Since the invention of video games it’s been standard practice to excuse poor storytelling or presentation if the gameplay feels good. From Donkey Kong to Destiny, if the jumping, stabbing, and shooting is engaging, the rest of the experience tends to be icing on the cake for most people.

These days, more and more games focus on things aside from arcade action though. Visual novels, walking simulators, and adventure games have shifted the narrative, quite literally, making it common for award winning games to strip away the bullet holes and butt-stomping entirely. And it’s in this world where a game can be almost anything you want, that a little cyberpunk adventure called Foreclosed gave me a gun and lost me entirely.

Foreclosed started with a ton of promise. Its comic book art style had me moving from panel to panel, moving the story along with bits of interactivity. It was clear from the start that this was a game from a small team, but I was impressed with how many bespoke bits of gameplay they managed to squeeze into a few minutes.

When some goons try to get the jump on the main character, a big button prompt pops onto the screen like a QTE moment out of Shenmue or Heavy Rain. But rather than putting you through a series of rote button taps, the action flows right into a free form chase sequence. Eventually you sneak away, allowing for some stealth sneaking from a camera angle that would feel at home in a Metal Gear Solid game. You even swap into first person when you escape into a ventilation shaft.

When Foreclosed funnels you into moments like this, where there’s nowhere to go but forward, it takes the opportunity to split the screen into gameplay and story. As you explore a small ventilation maze on the left side of the screen, a cutscene will show what’s going on elsewhere in the storyline. None of these things are amazing on their own, but the way this game blends them all with a slick presentation is really something special.

It’s a huge shame then, that your first goal is to get your hands on a gun. As soon as you do, the quick cuts of mini-game genre-blending give way to long sequences of stiff third-person shooting. The brevity of the stealth sequences, exploration, or puzzles may mask how simple they are, but the shooting in this game feels absolutely awful from moment one. And there’s a lot of it!
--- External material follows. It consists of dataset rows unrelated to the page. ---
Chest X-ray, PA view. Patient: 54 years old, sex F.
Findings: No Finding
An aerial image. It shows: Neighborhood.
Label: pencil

Using a controller, no amount of sensitivity setting tinkering ever made it feel right. The best I could do was use cover to line up my shots in advance and abuse the poor AI that rarely did more than stand in place and shoot at me. Still, exposing myself to enemies long enough to fumble with the controls and line up a headshot would often lead to death. Sometimes, that death meant listening to the same dialogue over and over and replaying prior sequences—one of the cardinal sins of checkpoint design.

By the time Foreclosed started to mix in some of the variety from before, the damage had already been done. All the stylish presentation and gameplay variety had masked some convoluted storytelling and corny dialogue. But once the crummy shooting started I became far more critical of the game as a whole, and the entire weak house of cards came crashing down.

It’s hard to describe just how clunky the third-person shooting feels here. Some powers gained throughout the game help to mitigate the pain, but the upgrade systems limit your choices and ultimately feel more like a band-aid on a broken foundation.

There are still a few cool moments of slick presentation, but the story never really takes off after the intro. I followed along with the broad strokes, but I was often confused about why my character was pursuing a particular character. 

For the most part, this is a by-the-numbers quest to clear the hero’s name. It’s trying to be cyberpunk Max Payne, but it doesn’t have even half the charm.

I like to think that there’s an alternate universe with a version of Foreclosed where the shooting never starts, and it rides the early game high with variety and slick presentation all the way to the end. Perhaps in another world, Foreclosed is just as cheesy as it ends up being here, but the shooting feels as good as Doom or Destiny. I’ll take anything but the game we ended up with.